Spatial reasoning in large-scale 3D environments such as warehouses remains a significant challenge for vision-language systems due to scene clutter, occlusions, and the need for precise spatial understanding. Existing models often struggle with generalization in such settings, as they rely heavily on local appearance and lack explicit spatial grounding. In this work, we introduce a dedicated spatial reasoning framework for the Physical AI Spatial Intelligence Warehouse dataset introduced in the Track 3 2025 AI City Challenge. Our approach enhances spatial comprehension by embedding mask dimensions in the form of bounding box coordinates directly into the input prompts, enabling the model to reason over object geometry and layout. We fine-tune the framework across four question categories namely: Distance Estimation, Object Counting, Multi-choice Grounding, and Spatial Relation Inference using task-specific supervision.
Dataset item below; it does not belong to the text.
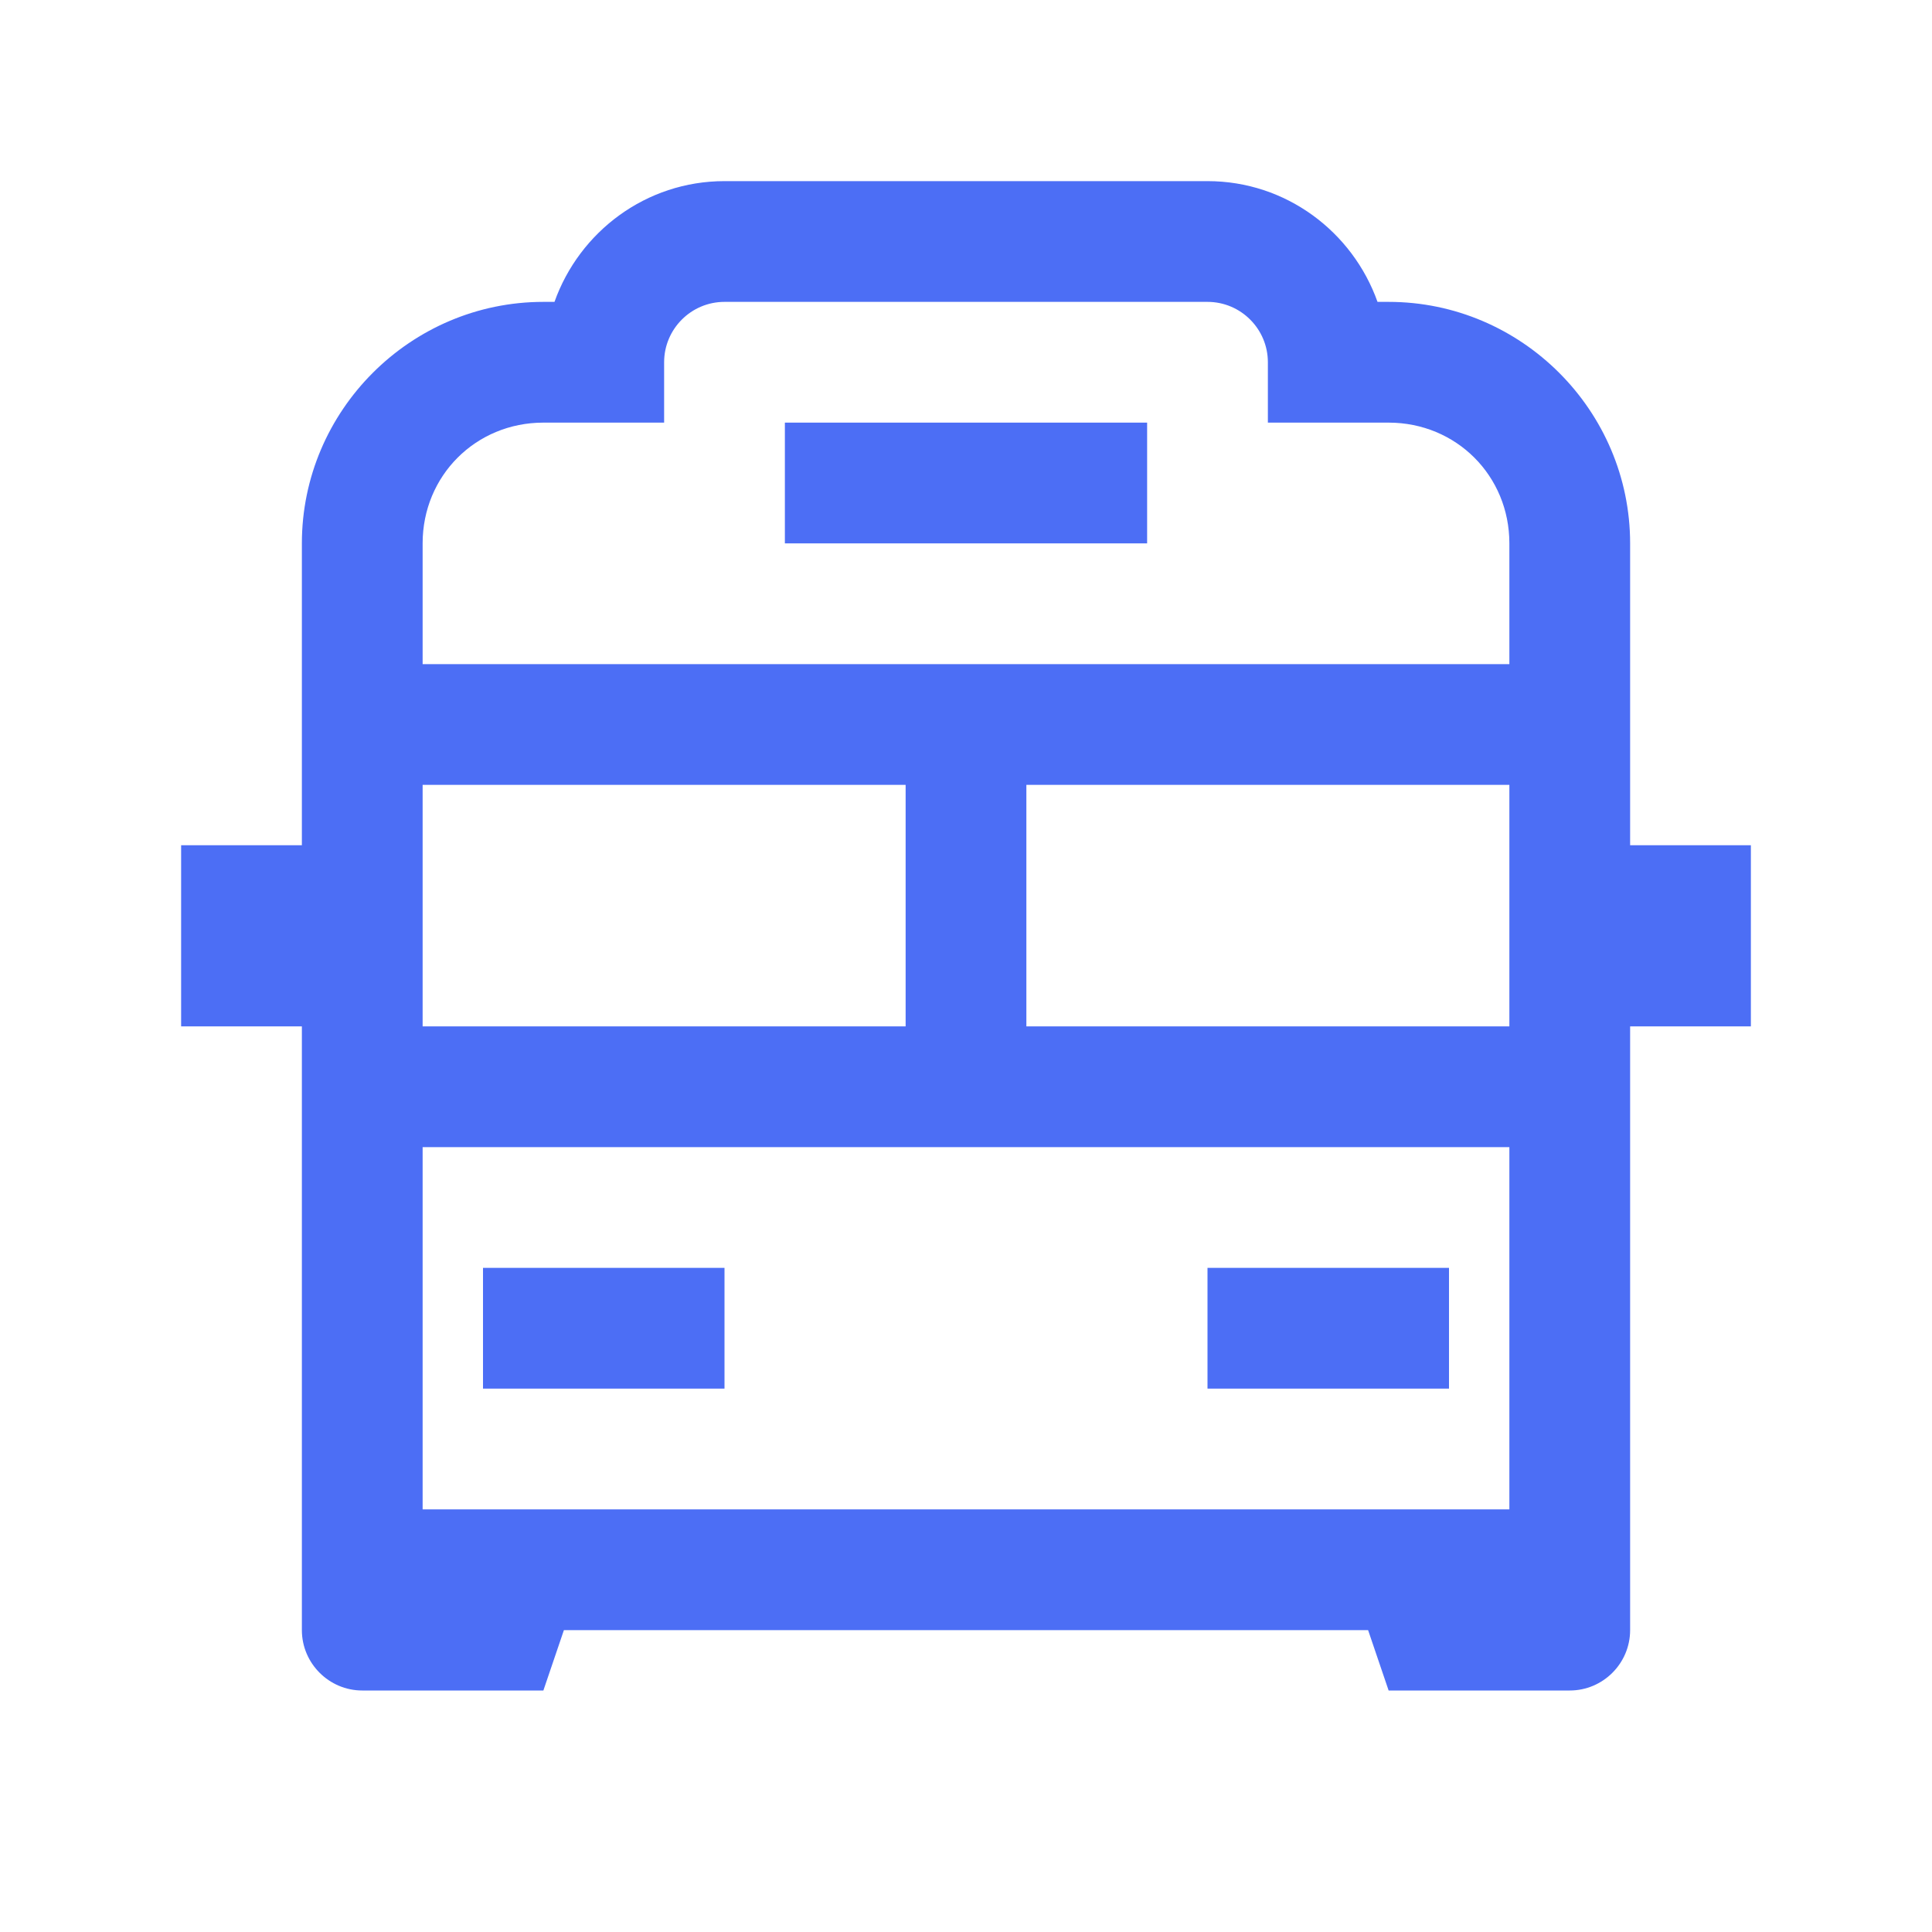 <svg width="24" height="24" viewBox="0 0 24 24" fill="none" xmlns="http://www.w3.org/2000/svg">
<path d="M9 2.25C8.024 2.25 7.198 2.879 6.888 3.75H6.75C5.1 3.75 3.75 5.1 3.75 6.75V10.5H2.25V12.75H3.75V20.25C3.75 20.663 4.088 21 4.5 21H6.75L7.005 20.25H16.995L17.25 21H19.5C19.913 21 20.25 20.663 20.25 20.25V12.75H21.75V10.5H20.25V6.75C20.25 5.1 18.9 3.75 17.25 3.75H17.112C16.802 2.879 15.976 2.25 15 2.25H9ZM9 3.75H15C15.414 3.75 15.75 4.087 15.75 4.5V5.25H17.25C18.09 5.25 18.75 5.91 18.75 6.75V8.25H5.25V6.75C5.25 5.91 5.91 5.25 6.75 5.25H8.25V4.5C8.25 4.087 8.586 3.75 9 3.75ZM9.75 5.25V6.75H14.25V5.25H9.75ZM5.25 9.75H11.25V12.75H5.25V9.75ZM12.75 9.75H18.75V12.75H12.75V9.75ZM5.25 14.25H18.75V18.75H5.25V14.25ZM6 15.75V17.25H9V15.75H6ZM15 15.75V17.25H18V15.75H15Z" fill="#4c6ef5"/>
</svg>

To further improve consistency with the evaluation system, normalized answers are appended to the GPT response within the training set. Our comprehensive pipeline achieves a final score of 73.0606, placing 4th overall on the public leaderboard. These results demonstrate the effectiveness of structured prompt enrichment and targeted optimization in advancing spatial reasoning for real-world industrial environments.

Paper Structure

This paper contains 21 sections, 4 equations, 4 figures, 3 tables, 1 algorithm.

Figures (4)

  • Figure 1: Example of spatial prompt transformation. The original prompt (top) uses natural language placeholders. The modified prompt encodes explicit bounding box coordinates, and the GPT-style answer is reformatted with a normalized response for consistent evaluation.
  • Figure 2: Overview of our spatial reasoning architecture. The system processes RGB and depth images through a shared image encoder (SigLIP), while textual prompts are normalized and encoded separately. A vision-language transformer fuses the modalities to generate free-form responses. An answer normalization module extracts concise outputs. Spatial grounding is enabled by injecting bounding box coordinates and region identifiers into the prompts.
  • Figure 3: Qualitative example illustrating the model's ability to count pallets within the buffer region closest to the rightmost shelf. The model correctly identifies Region 14 as the shelf, Region 1 as the closest buffer zone, and detects three relevant pallet regions within the specified area.
  • Figure 4: Qualitative example demonstrating the model’s capability in pairwise spatial comparison. The model accurately infers that Region 0 lies to the left of Region 1 from the given viewpoint and bounding box inputs.